- _PROBLEM TO SOLVE_: In the copy, keep every record exact and leave out all images.

------------------------

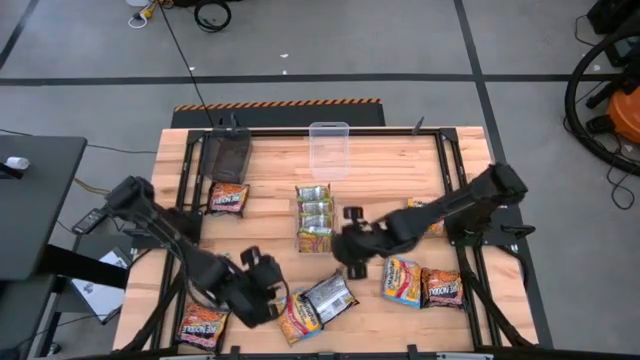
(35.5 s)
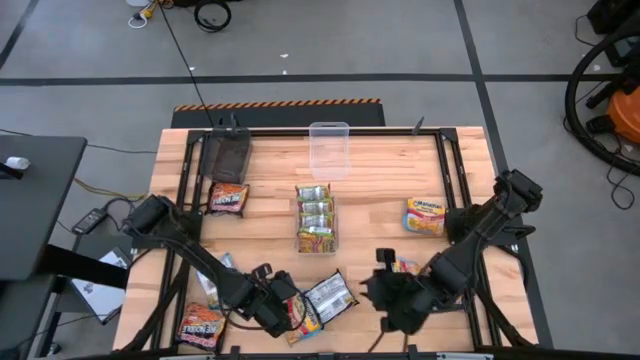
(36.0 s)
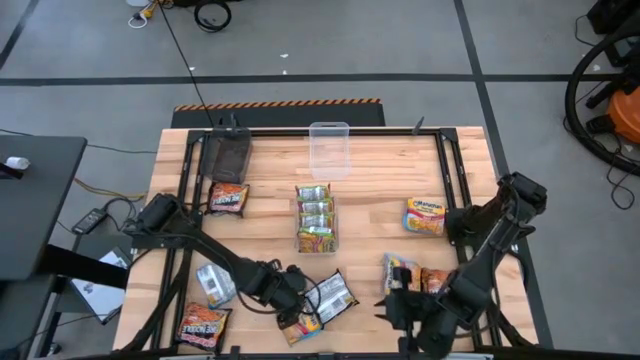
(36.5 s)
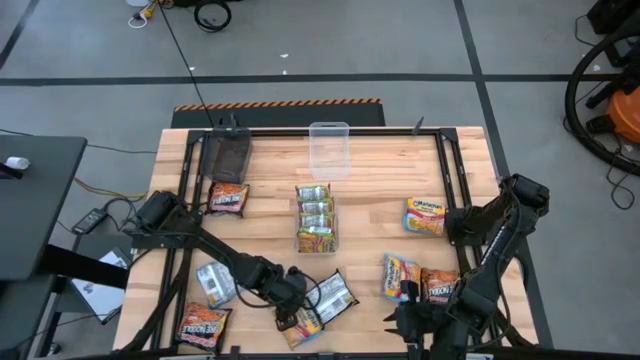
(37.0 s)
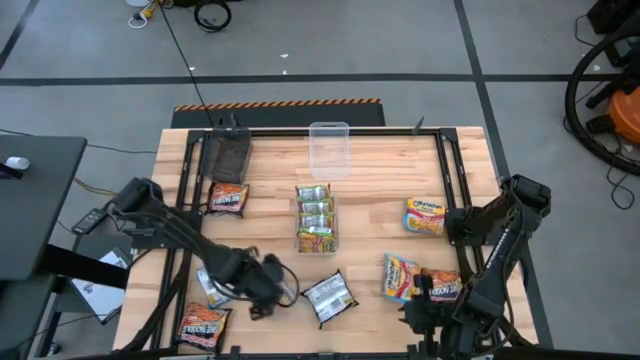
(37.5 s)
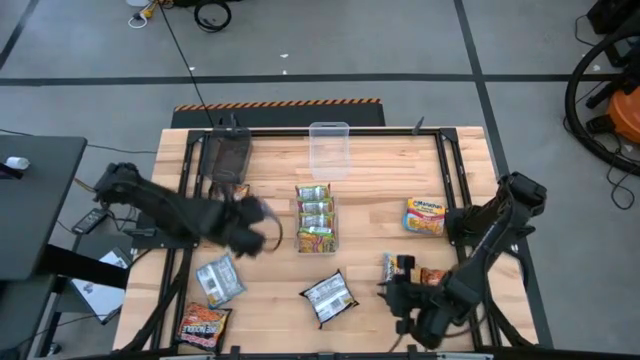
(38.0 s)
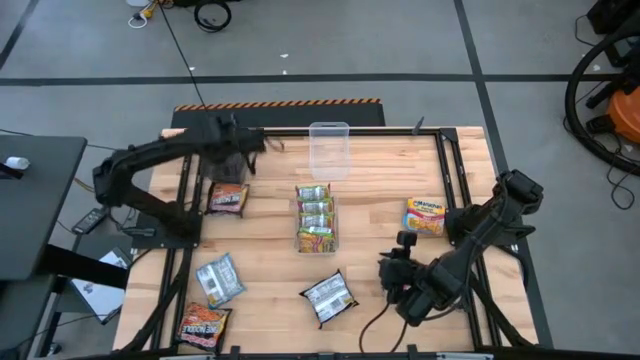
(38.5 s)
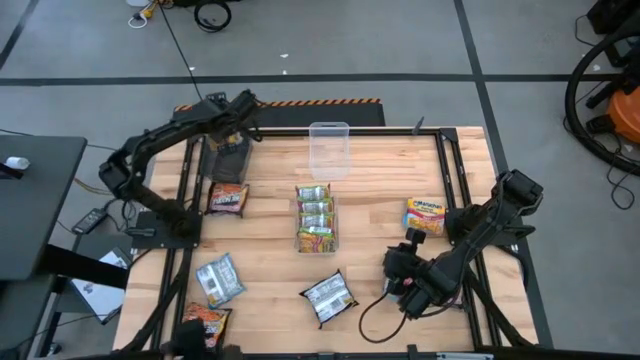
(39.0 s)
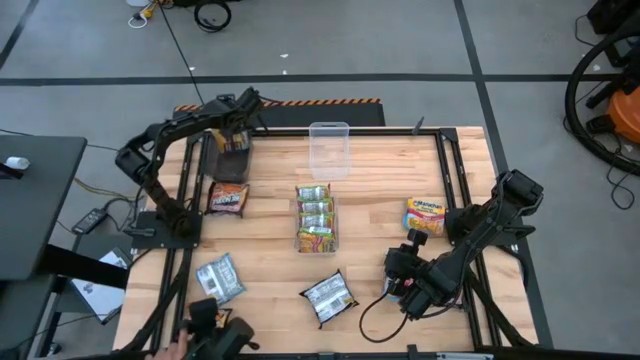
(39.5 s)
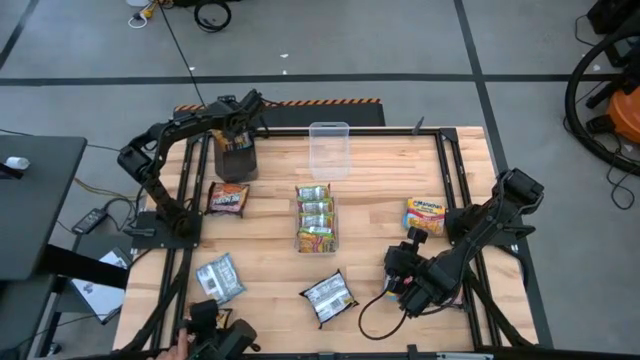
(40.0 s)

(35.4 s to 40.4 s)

------------------------

- _TASK OUTPUT_:
(35.5 s)
(36.0 s)
(36.5 s)
(37.0 s)
(37.5 s)
(38.0 s)
(38.5 s)
(39.0 s)
(39.5 s)
(40.0 s)

(35.4 s to 40.4 s)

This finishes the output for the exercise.